For instance, third-party data are important for acquisition and win-back stages, due to lack of behavioral and transaction data. Conversely, to build proper cross-sell/up-sell, customer value or churn prevention models, you will need to use rich transaction and interaction history with your customers. Then of course, technology that you need to employ would be different for each stage.

Then, only then, write down proper media channels that would be best utilized for each stage of your marketing efforts.

For example, in the acquisition stage, where only third-party data and non-transactional data are available, what would be the best acquisition channel for you to employ? Catalog? Postcard? Email? Social media? General media?
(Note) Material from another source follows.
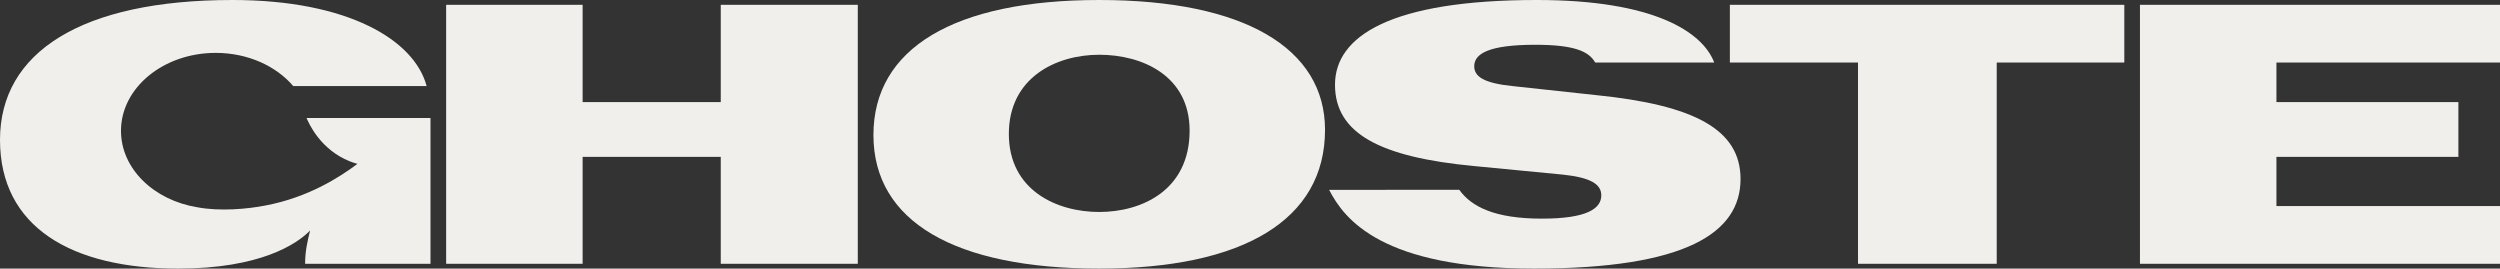 <?xml version="1.0" encoding="UTF-8"?><svg id="a" xmlns="http://www.w3.org/2000/svg" viewBox="0 0 1916 205.84"><rect x="0" y="0" width="1916" height="205.84" fill="#333333" stroke="none"/><polygon points="552.39 78.25 446.52 78.25 446.52 3.69 341.93 3.69 341.93 202.16 446.52 202.16 446.52 120.22 552.39 120.22 552.39 202.16 657.41 202.16 657.41 3.69 552.39 3.69 552.39 78.25" fill="#f0efec"/><path d="M842.45,0C731.05,0,669.4,37.14,669.4,103.49s62.5,102.35,173.05,102.35,173.05-37.43,173.05-106.33C1015.5,37.14,953.85,0,842.45,0Zm0,162.46c-32.74,0-69.27-16.73-69.27-59.82s36.11-60.68,69.27-60.68,69.27,16.16,69.27,58.12c0,45.65-36.53,62.38-69.27,62.38Z" fill="#f0efec"/><polygon points="1325.77 47.92 1423.98 47.92 1423.98 202.16 1530.28 202.16 1530.28 47.92 1628.07 47.92 1628.07 3.69 1325.77 3.69 1325.77 47.92" fill="#f0efec"/><polygon points="1916 47.92 1916 3.69 1640.06 3.69 1640.06 202.16 1916 202.16 1916 157.93 1744.66 157.93 1744.66 120.22 1884.11 120.22 1884.11 78.25 1744.66 78.25 1744.66 47.92 1916 47.92" fill="#f0efec"/><path d="M1222.96,72.87l-62.92-6.81c-22.96-2.27-30.19-7.37-30.19-15.31,0-9.36,10.63-16.44,46.77-16.44,29.93,0,41.09,5.05,45.95,13.61h91.21c-8.92-23.36-45.96-47.92-135.88-47.92-112.24,0-154.76,27.79-154.76,64.93s34.01,55.57,107.15,62.38l67.6,6.52c21.26,2.27,29.34,7.37,29.34,15.87,0,10.21-11.06,17.86-45.5,17.86-36.14,0-54-9.07-63.35-22.11l-99.73,.06c11.68,22.69,40.64,60.33,157.13,60.33s158.17-27.5,158.17-68.62c0-37.99-35.29-56.71-110.97-64.36Z" fill="#f0efec"/><path d="M329.93,90.45v111.71h-96.09c0-9.36,1.7-17.01,3.83-25.52-10.2,10.49-38.27,29.21-101.19,29.21C54.85,205.84,0,174.09,0,107.17S62.08,0,178.15,0c88.32,0,139.39,30.5,148.81,65.95h-102.23c-13.13-15.37-34.82-25.42-59.39-25.42-40.11,0-72.62,26.74-72.62,59.73,0,29,25.14,53.16,58.46,58.58,17.16,3.29,38.64,1.37,52.29-1.35,32.74-6.16,56.86-21.68,70.48-31.9-1.9-.52-3.83-1.15-5.78-1.92-22.76-8.99-31.63-29.44-33.2-33.22h94.96Z" fill="#f0efec"/></svg>

For relationship-building and retention efforts, yes, email is the dominant one; but should it be the only one? Let’s not just settle on one channel, just because it is readily available and less costly. If you have all of the rich transaction and response data, why not use direct marketing, with rather fancy catalogs or First Class mail? Surely, with such powerful data, we can build proper targeting models to make those more expensive channels worthwhile.

Turning Marketing on Its Head

The key message here is to reverse the way we think about our channels, and shake the whole marketing ecosystem up.

I got into a heated debate with one of my colleagues the other day about this. Many digital marketers think that the journey begins at the moment a visitor lands on a website or types in a search word (refer to “Customer Journeys Don’t Start on Your Website”).

Before someone magically shows up on some site, there had to be other efforts to raise awareness and pique interest for that visitor. It could have been a banner, billboard, TV, radio, magazine, paper or more targeted media, such as direct mail, catalogs or email. All of those channels play different roles in different stages of both customer’s journey and the marketer’s journey.

Multichannel or Omnichannel concepts have been around for a long time; but to rise above the channel-centric mindset that hampers effective customer communication, markers must be aware of the timeline view, as well.

In fact, as I described in the body of this article, you may have to reverse the whole process, and see it from the timeline view first, and then assign proper channels to each stage. Otherwise, how would you ever escape from channel silos?